Le remplacement massif par les Européens a concerné aussi l’Australie et la Nouvelle-Zélande. Avant leur arrivée, il y avait trois grands pôles génétiques en Océanie :
• En premier lieu celui des Austronésiens qui ont conquis les îles entre 1300 avant J.-C.  et 1200 après J.-C.  correspond à l’haplogroupe O typique de l’Asie. Il concerne la Nouvelle-Zélande, mais aussi les îles Hawai, la Polynésie et la Mélanésie.
• Il y a ensuite le pôle génétique des Papous, très particulier puisqu’il correspond à un mélange des haplogroupes M et S. Ils sont nés sur place à partir d’une vague venue d’Iran il y a environ 42000 ans et n’ont jamais quitté l’île.
• Il y a enfin les aborigènes d’Australie qui porte un mélange d’haplogroupes C1 et K. Le C1 est peut-être arrivé il y a 48000 ans à l’occasion de la première vague d’Homo Sapiens. Le K est à peine plus tardif et semble correspondre à la même vague que celle des Papous.

Le R1b de l’Europe Occidentale a remplacé ces anciens gènes en Australie et en Nouvelle-Zélande au cours des deux derniers siècles. La Nouvelle-Guinée reste le principal vestige des tout premiers peuplements.

Portraits asiatiques : illustration publiée dans Le Nordisk familjebok, encyclopédie suédoise, entre 1876 et 1957.

L’Afrique subsaharienne

Il reste à terminer par l’Afrique subsaharienne.
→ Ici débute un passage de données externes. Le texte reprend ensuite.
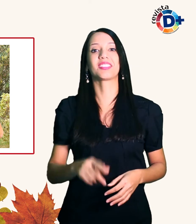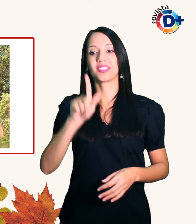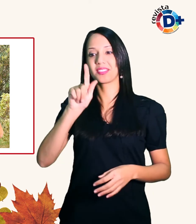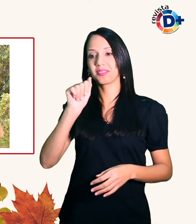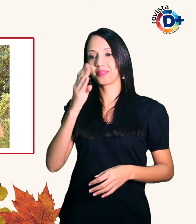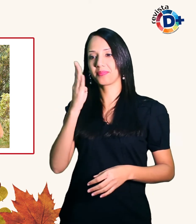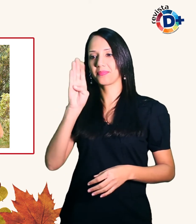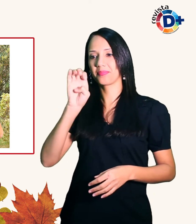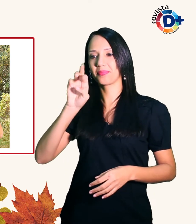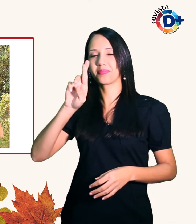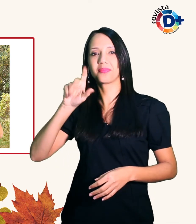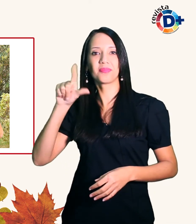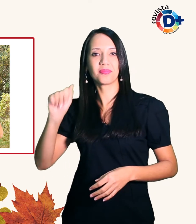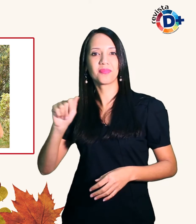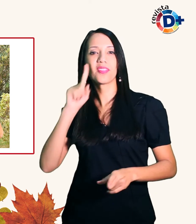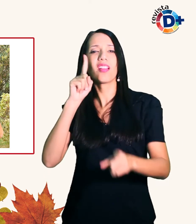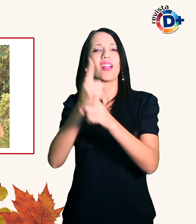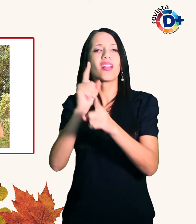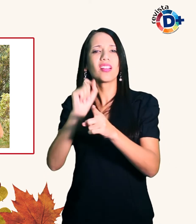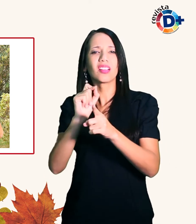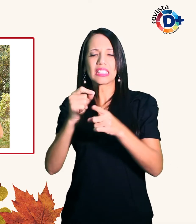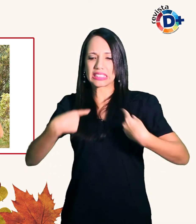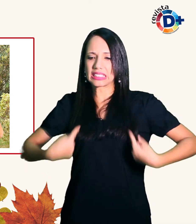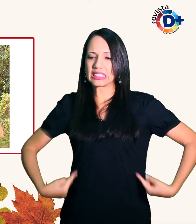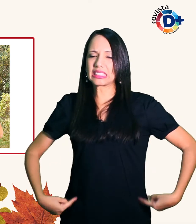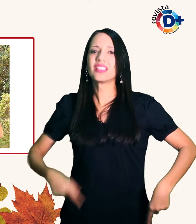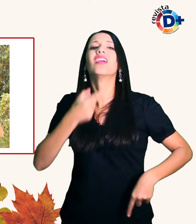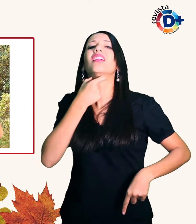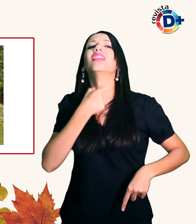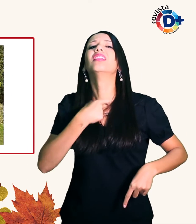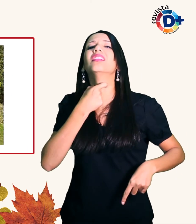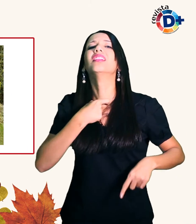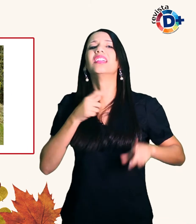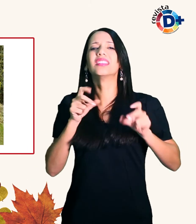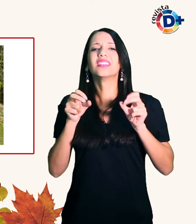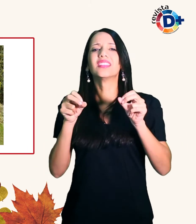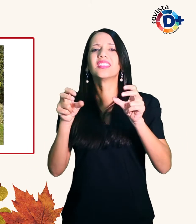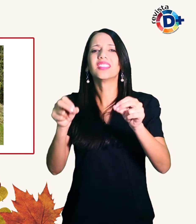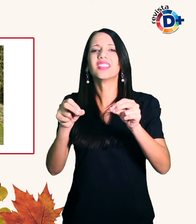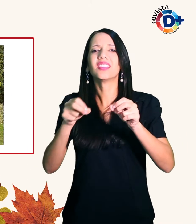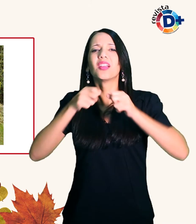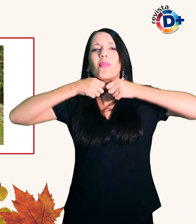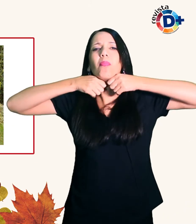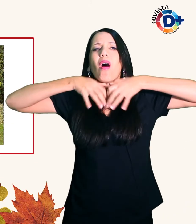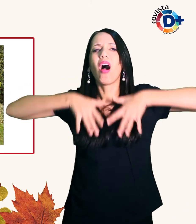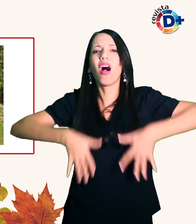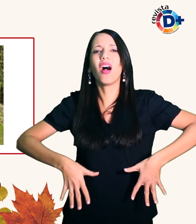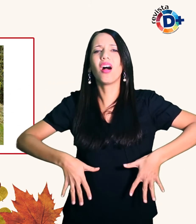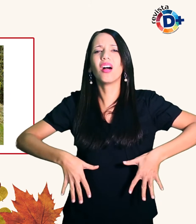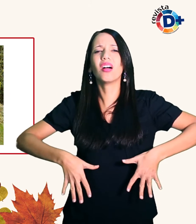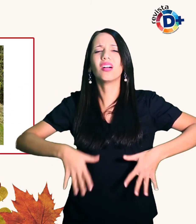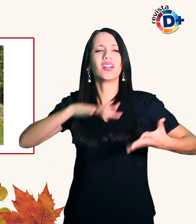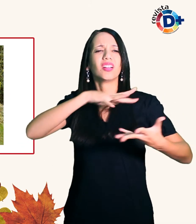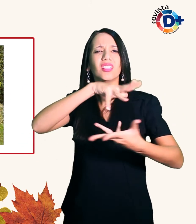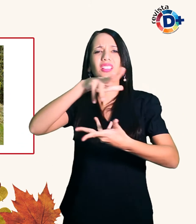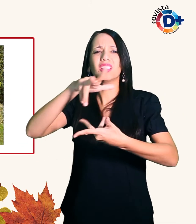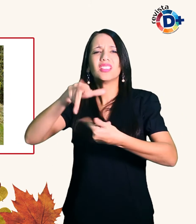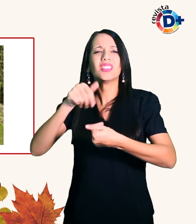câncer na tireoide em estágio avançado e com mestátase O mundo desmoronou Achei que

Ses populations correspondent à une aire génétique distincte par la voie féminine, car elles sont antérieures à la deuxième sortie d’Afrique, il y a 70000 ans.
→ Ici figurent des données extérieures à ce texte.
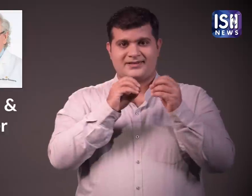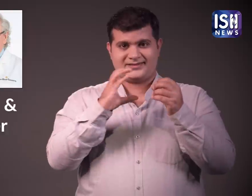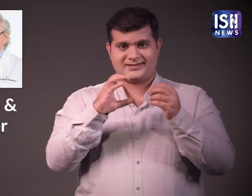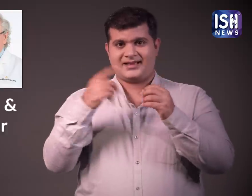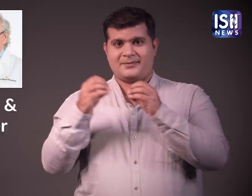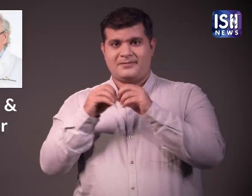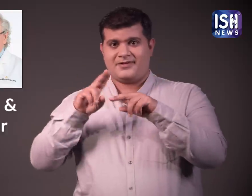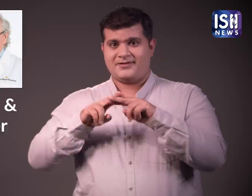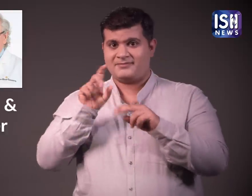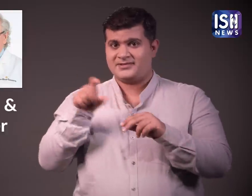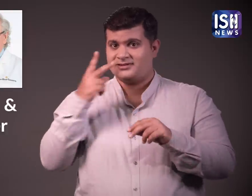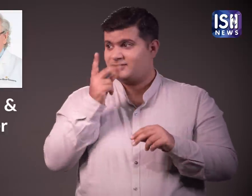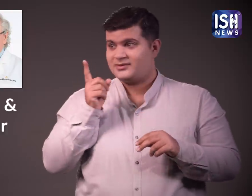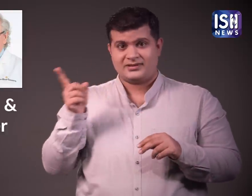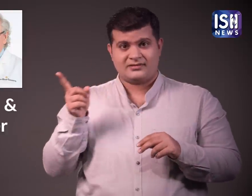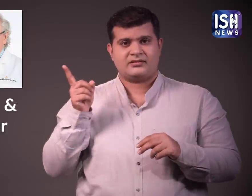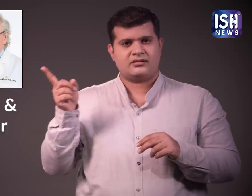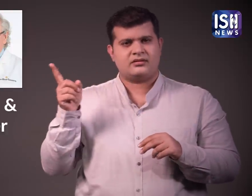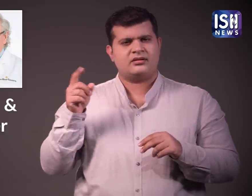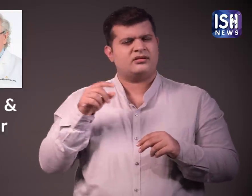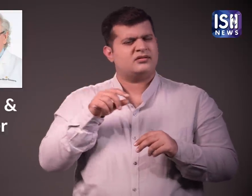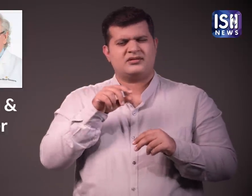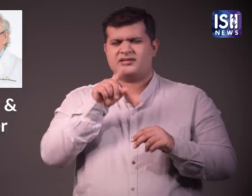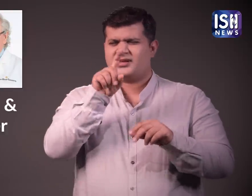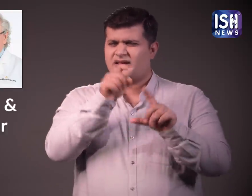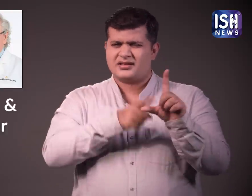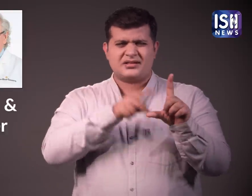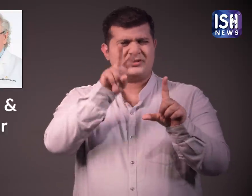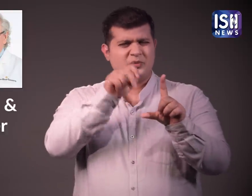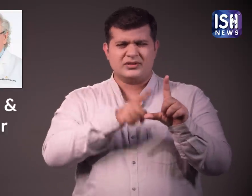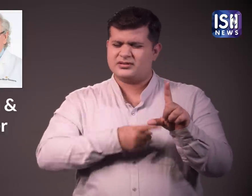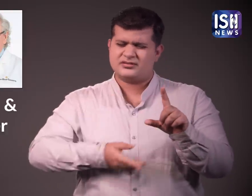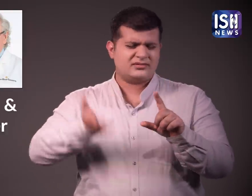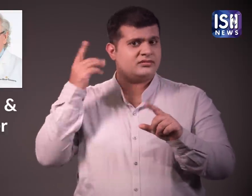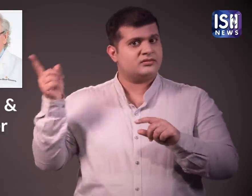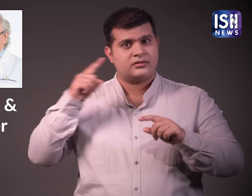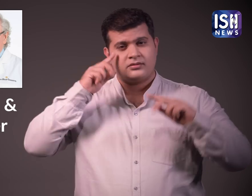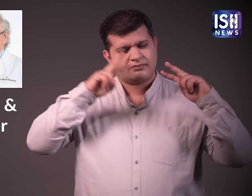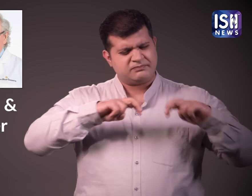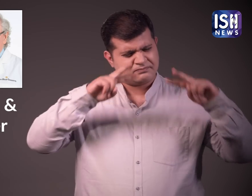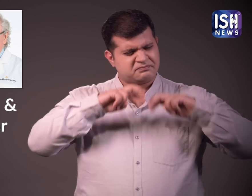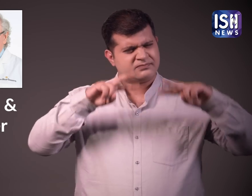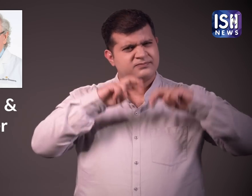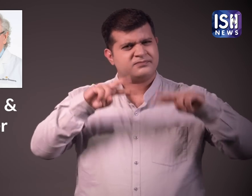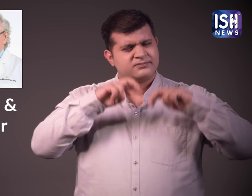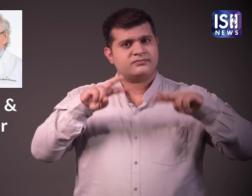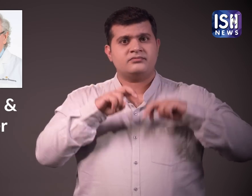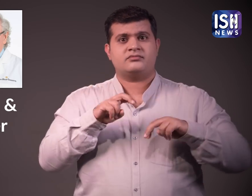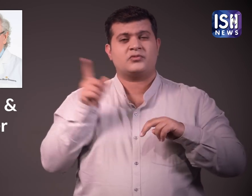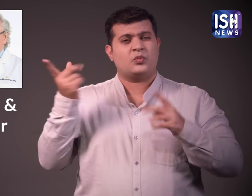एक ऐसी मशीन पर शोद कर रहे थे जो मानव को बिना दिल के जीने में

 Le macrogroupe L peut se subdiviser en un L0 très ancien qui domine toute l’Afrique australe, et d’autres sous-clades qui semblent avoir trouvé leur essor depuis le Cameroun il y a peut-être 100 000 ans.  C’est le sous-clade L3 de l’Éthiopie qui donnera naissance aux macrogroupes M et N sortis d’Afrique il y a 70 000 ans.

Passons maintenant à l’ADN Y transmis par les hommes. Les pôles génétiques y sont nettement plus récents, sauf à deux endroits : chez les Nilotiques du Sud-Soudan et chez les Khoïsans de l’Afrique Australe. Ces deux pôles sont marqués par l’haplogroupe A originaire du Cameroun et arrivé dans ces régions il y a peut-être 100 000 ans.

Autrefois, le A recouvrait toute l’Afrique, mais il a été largement écrasé par les migrations ultérieures, à commencer par des populations venues des Balkans qui se sont installées autour du lac Tchad peut-être vers 6500 avant J.-C.  Ce pôle tchadique est caractérisé par l’haplogroupe R1b comme l’Europe Occidentale, mais il s’agit d’un sous-clade très différent et largement antérieur à celui des Indo-Européens.

La majeure partie de l’Afrique subsaharienne est dominée par un autre haplogroupe, le E1b1a. Il est issu d’un groupe originaire de l’Éthiopie, mais qui s’est développé au niveau de l’Afrique Occidentale à partir de 35000 avant J.-C.

Beaucoup plus tard, la migration des Bantous liée à l’introduction de l’agriculture a fini par le transporter jusqu’en Afrique du Sud au cours du premier millénaire. C’est à cette époque que les Austronésiens venus d’Indonésie ont découvert Madagascar et entrepris son peuplement. Ils ont importé une abondante main d’œuvre africaine, ce qui a créé sur l’île un pôle très singulier basé sur un mélange du O asiatique et du E1b1a africain.

Finalement, l’arrivée des Européens à la pointe de l’Afrique à partir de la fin du XVIIe siècle a donné naissance à un dernier pôle où l’haplogroupe R1b occidental est majoritaire. On en arrive à la situation actuelle de l’Afrique Subsaharienne où prédomine un pôle génétique assez récent par la voie masculine combiné à un macrogroupe très ancien par la voie féminine.

Ainsi les apports récents de la génétique viennent-ils compléter ou valider les enseignements de l’Histoire.  Mais rien n’est heureusement figé et nous pouvons nous attendre à de nouvelles révélations dans les prochaines années et les prochaines décennies.